Friday, January 05, 2007

Home again - but not for long

Glad to say she is home again - eventually! We thought it might have been last night, but (due to one or two "technical problems"), she was let out after lunch today.

Although the main purpose of going in was to have the two chemo drugs that are "dripped in", which they managed, there are problems with the Groshong (chestwall) line - as a result of which they have not been able to restart the 24/7 pumped chemo. To see what the problems are, they need to do a special sort of xray - and unfortunately they could not manage it while she was in hospital. The hospital have however just rung to say could she go to the xray dept on Monday at 10:30. So back we will go!

Still, it will be good to have a weekend at least without wires.

Praise the Lord for His goodness in allowing all this technical stuff - and for all the prayerful interest in this little family. Thank you!

Finally, some readers may find the following of interest, taken from John Piper's latest emailed sermon (see http://www.desiringgod.org/ - "Ask your Father in Heaven") ...

One Final Question
One final question: How shall we understand these six promises in verses 7 and 8: "Ask, and it will be given to you; seek, and you will find; knock, and it will be opened to you. For everyone who asks receives, and the one who seeks finds, and to the one who knocks it will be opened"?
Does this mean that everything a child of God asks for he gets?
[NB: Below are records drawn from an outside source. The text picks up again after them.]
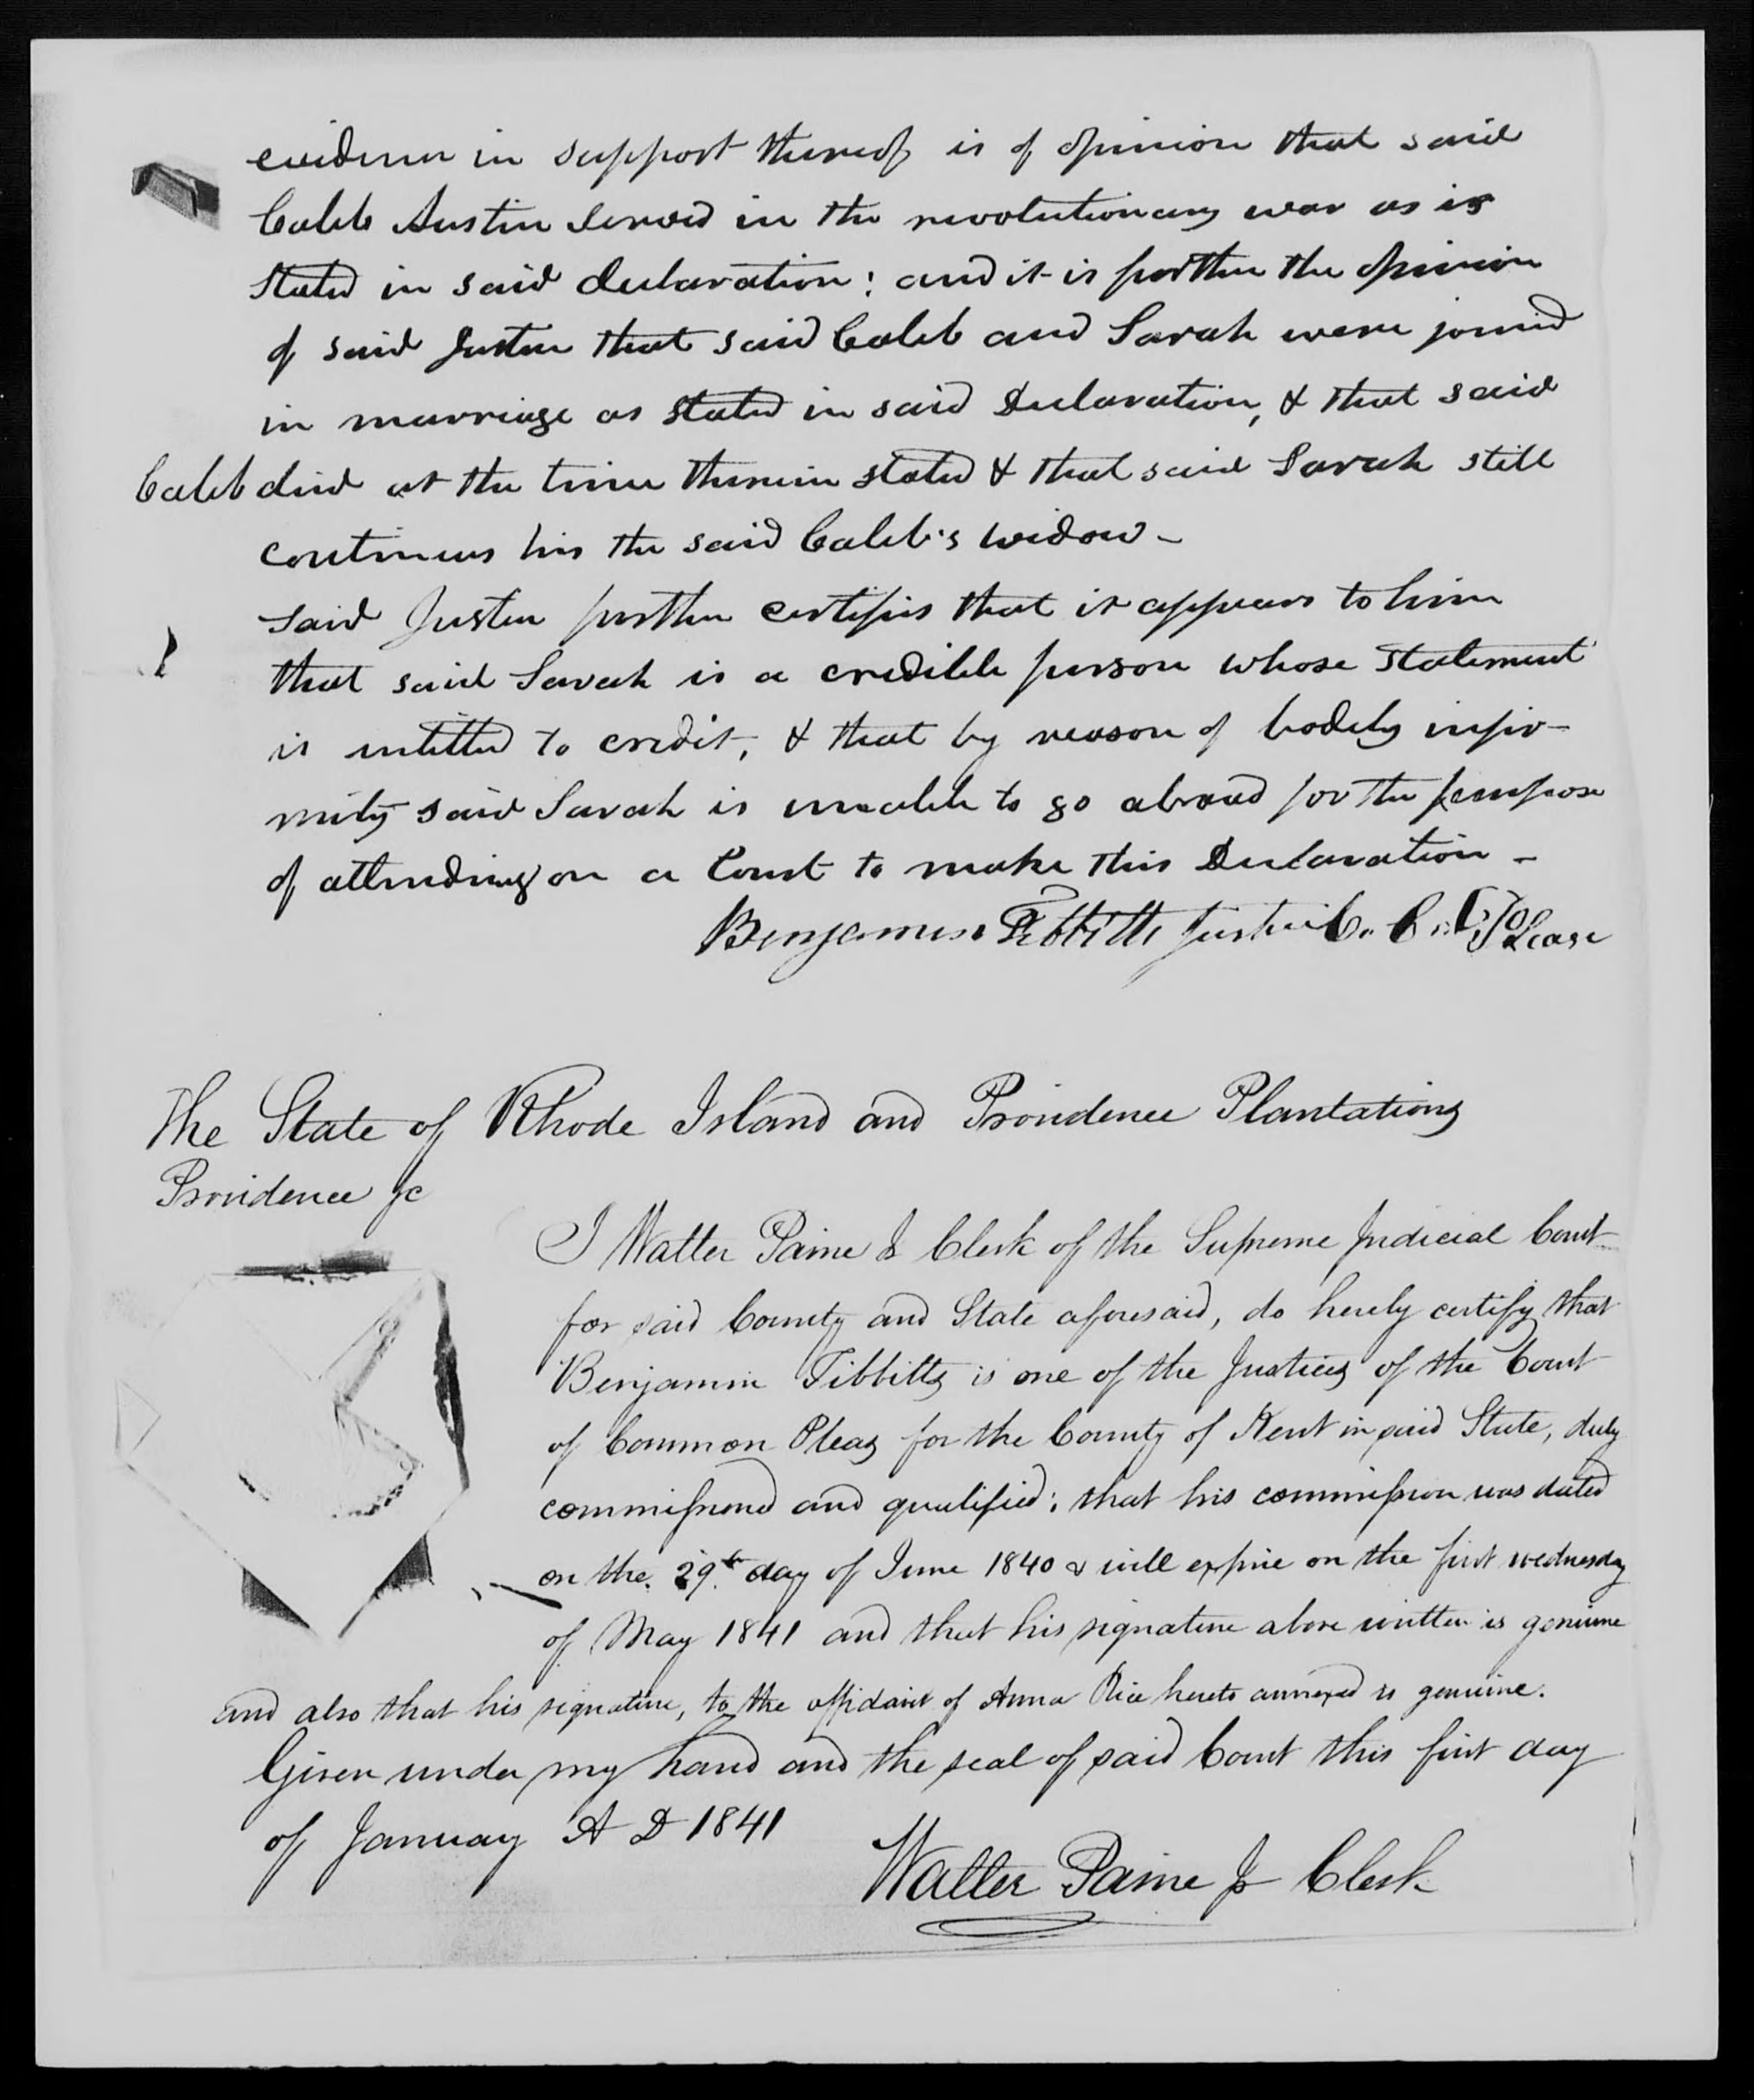evidence in support thereof is of opinion that said Caleb Austin served in the revolutionary war as is stated in said declaration; and it is further the opinion of said Justice that said Caleb and Sarah were joined in marriage as stated in said declaration, & that said Caleb died at the time therein stated & that said Sarah still continues he the said Caleb's widow-
Said Justice further certifies that it appears to him that said Sarah is a credible person whose statement is entitled to credit, & that by reason of bodily infirmity said Sarah is unable to go abroad for the purpose of attending on a Court to make this Declaration-
[Signature] Benjamin Tibbitts  
Justice C. of C. Pleas
The State of Rhode Island and Providence Plantations Providence sc
I Walter Paine Jr Clerk of the Supreme Judicial Court for said County and State aforesaid, do hereby certify that Benjamin Tibbitts is one of the Justices of the Court of Common Pleas for the County of Kent in said State, duly commissioned and qualified; that his commission was dated on the 29th day of June 1840 & will expire on the first Wednesday of May 1841 and that his signature above written is genuine and also that his signature, to the affidavit of Anna Rice hereto annexed is genuine.
Given under my hand and the seal of said Court this first day of January AD 1841
[Signature] Walter Paine  Jr Clerk

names: Caleb, Sarah, Sarah, Caleb Austin, Caleb, Walter Paine, Benjamin Tibbitts, Caleb, Walter Paine, Sarah, Benjamin Tibbitts
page: 7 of 18
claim: widow's
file: W. 20640, Caleb Austin, R.I.

I think the context here is sufficient to answer this question. No, we do not get everything we ask for - and we should not and we would not want to. The reason I say we should not is because we would in effect become God if God did everything we asked him to do. We should not be God. God should be God. And the reason I say that we would not want to get everything we asked is because we would then have to bear the burden of infinite wisdom which we do not have. We simply don’t know enough to infallibly decide how every decision will turn out and what the next events in our lives, let alone in history, should be.
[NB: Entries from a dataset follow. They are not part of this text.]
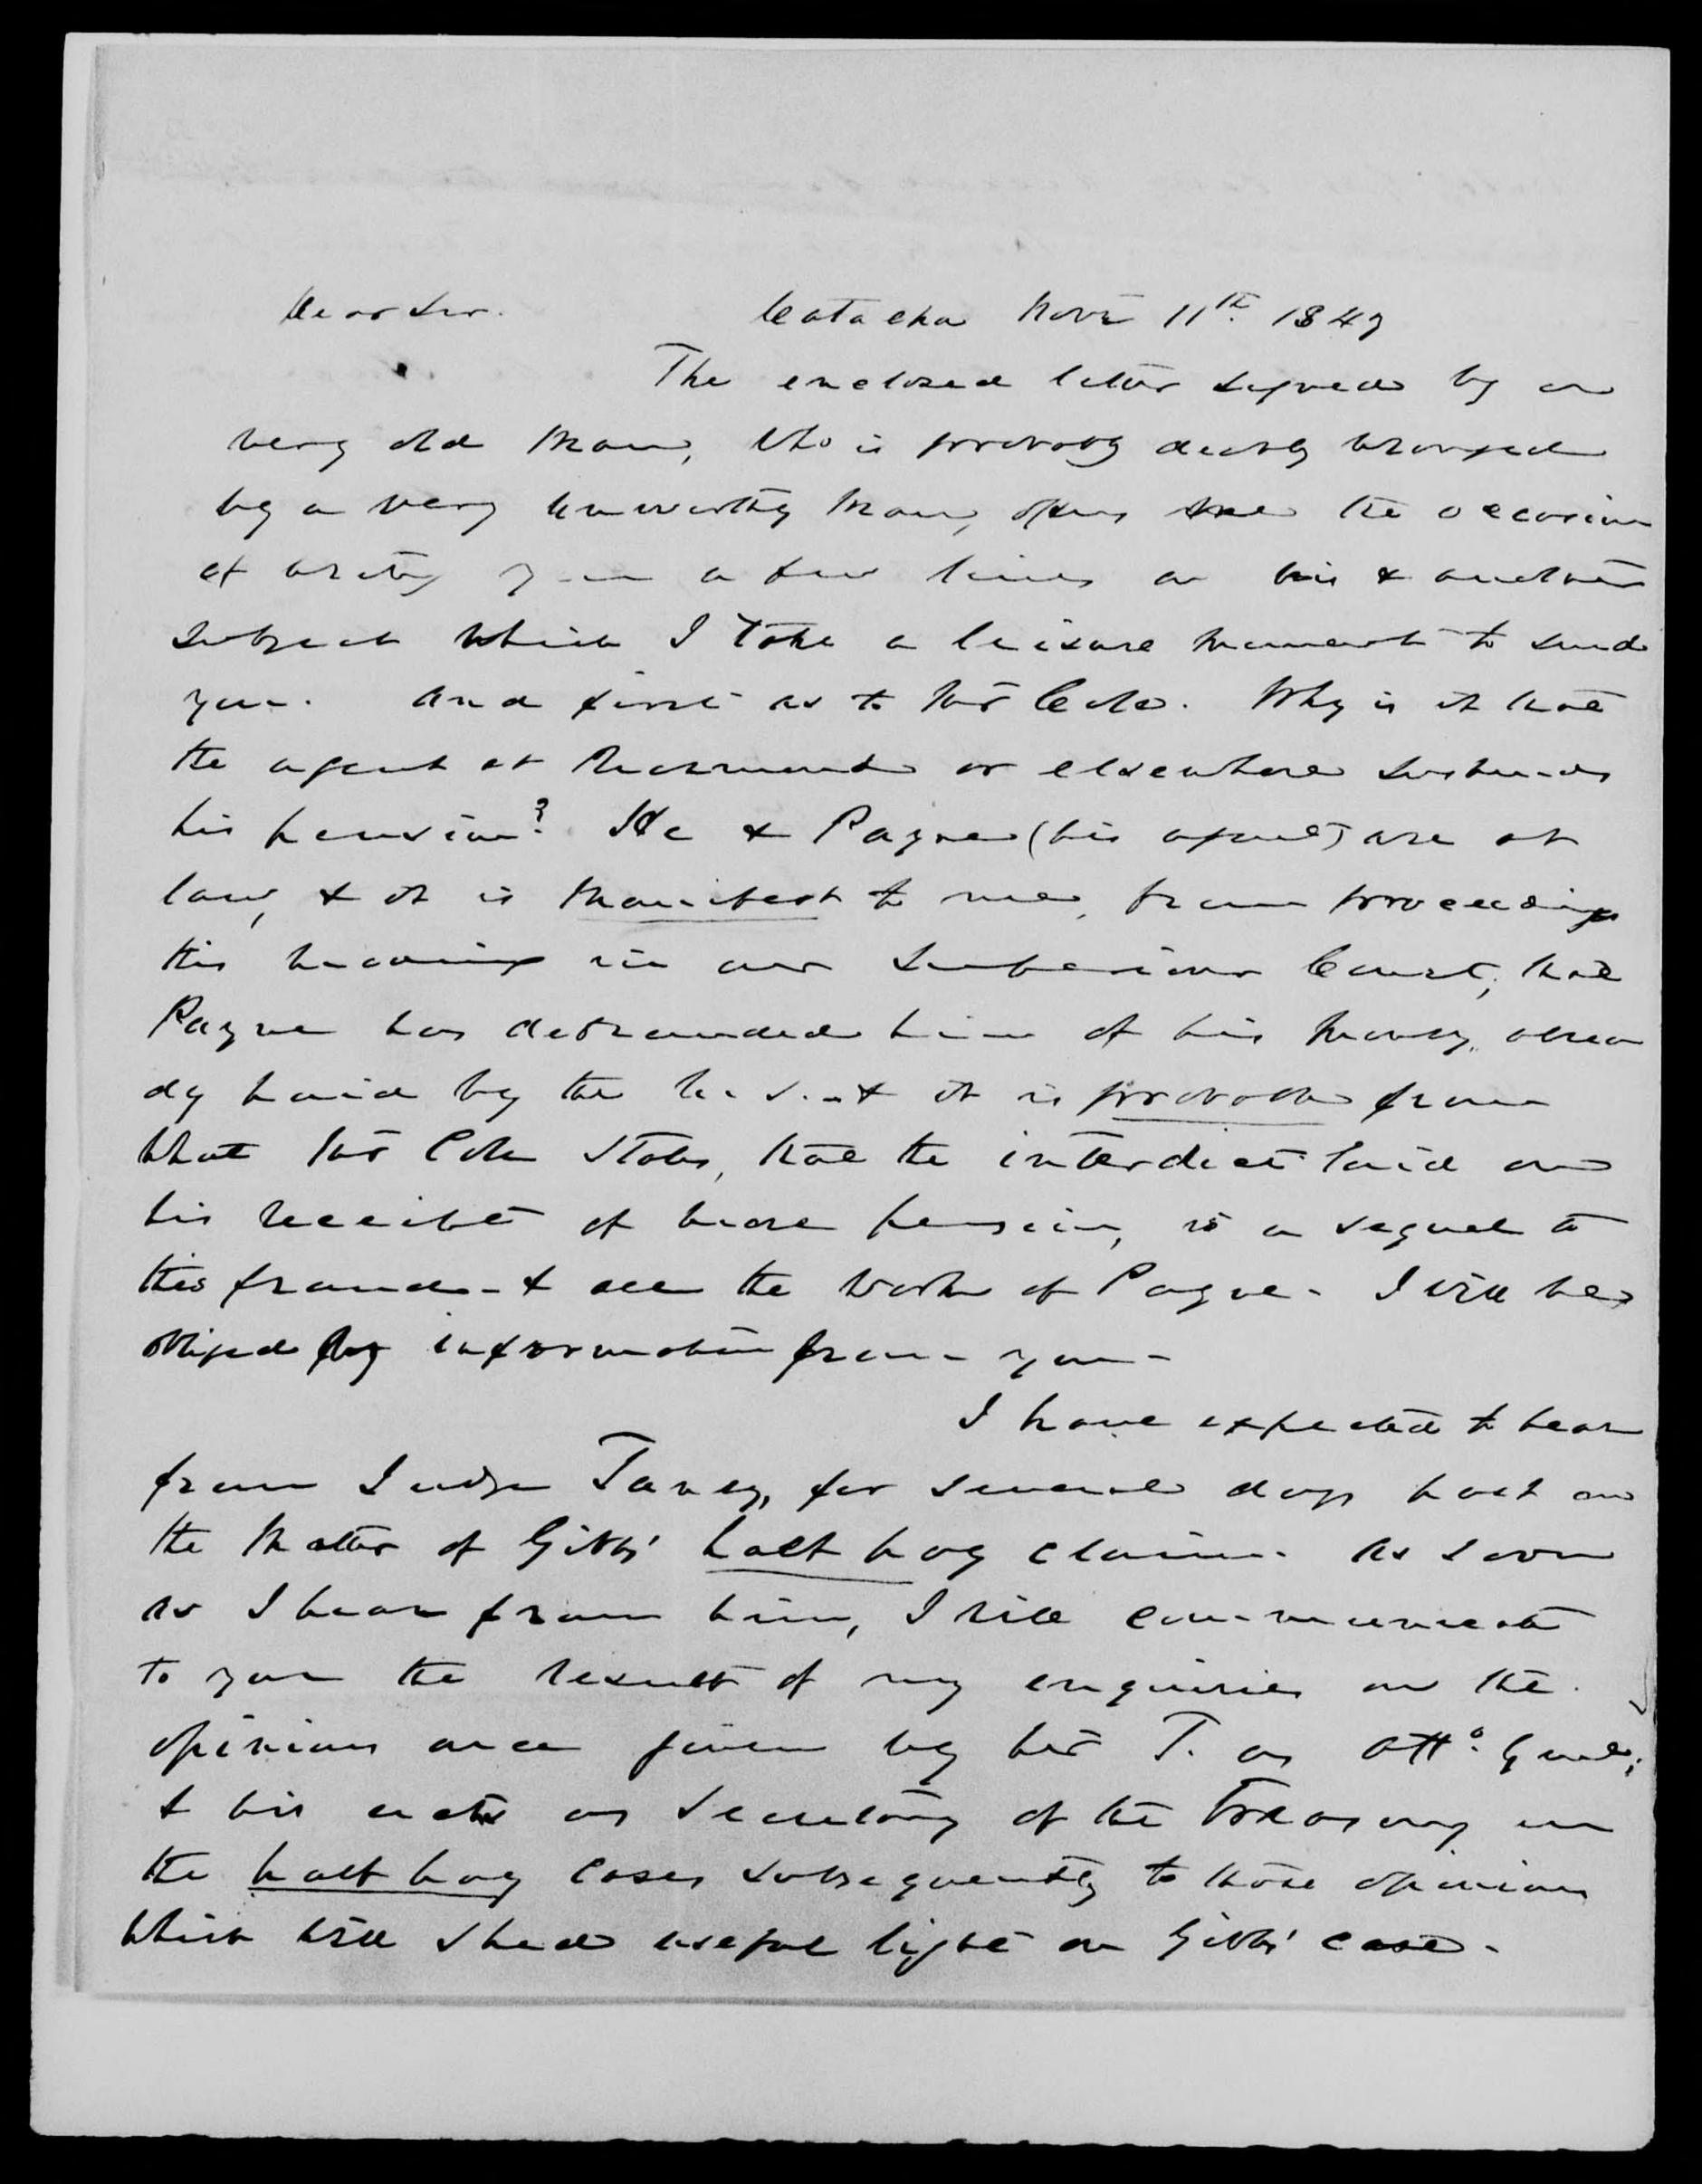Catacha [Catachan] Nove [November] 11th 1842
Dear Sir
The enclosed letter signed by a very old man, who is provably deeply wronged by a very unworthy man, offers the occasion of writing you a few lines in this & another subject which I take a leisure moment to send you. And first as to Mr Cole. Why is it that the agent at Richmond or elsewhere rejected his pension? He & Payne (his agent) are at law & it is manifest to me from proceedings his hearing is in a Superior Court, that Payne has defrauded him of his money [5 illegible words] & it is provable from what Mr Cole states that he interdicted on his receipt of [illegible] pension  is a sequel to this fraud & all the work of Payne. I will be  obliged by information from you
I have expected to hear from Judge Taney, for several days past on the matter of Gibbs half pay claim. As soon as I hear from him, I will communicate to you the result of my enquiries in the opinions by [illegible] T. [Taney] or atto [attorney] Genl [General] and his acts as Secretaryo f the Treasury in the half pay cases subsequently to those opinions which will shed useful light on given cases.

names: Cole, Taney, Payne, Payne, Gibb, Gibb, Payne, Cole
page: 41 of 61
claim: survivor's
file: S. 8236, Daniel Cole, Va.

But the reason I say that we do not get all we ask is because the text implies this. Jesus says in verses 9-10 that a good father will not give his child a stone if he asks for bread, and will not give him a serpent if he asks for a fish. This illustration prompts us to ask, "What if the child asks for a serpent?" Does the text answer whether the Father in heaven will give it? Yes, it does. In verse 11, Jesus draws out this truth from the illustrations: Therefore, how much more will your Father give good things to those who ask him.

He gives good things - only good things. He does not give serpents to children. Therefore, the text itself points away from the conclusion that "Ask and you will receive" means "Ask and you will receive the very thing you ask for when you ask for it in the way you ask for it". It doesn’t say that, and it doesn’t mean that.
If we take the passage as a whole, it says that when we ask and seek and knock — when we pray as needy children looking away from our own resources to our trustworthy heavenly Father — he will hear and he will give us good things. Sometimes just what we asked. Sometimes just when we ask it. Sometimes just the way we desire. And other times he gives us something better, or at a time he knows is better, or in a way he knows is better.

And of course, this tests our faith. Because if we thought that something different was better, we would have asked for it in the first place. But we are not God. We are not infinitely strong, or infinitely righteous, or infinitely good, or infinitely wise, or infinitely loving. And therefore, it is a great mercy to us and to the world that we do not get all we ask.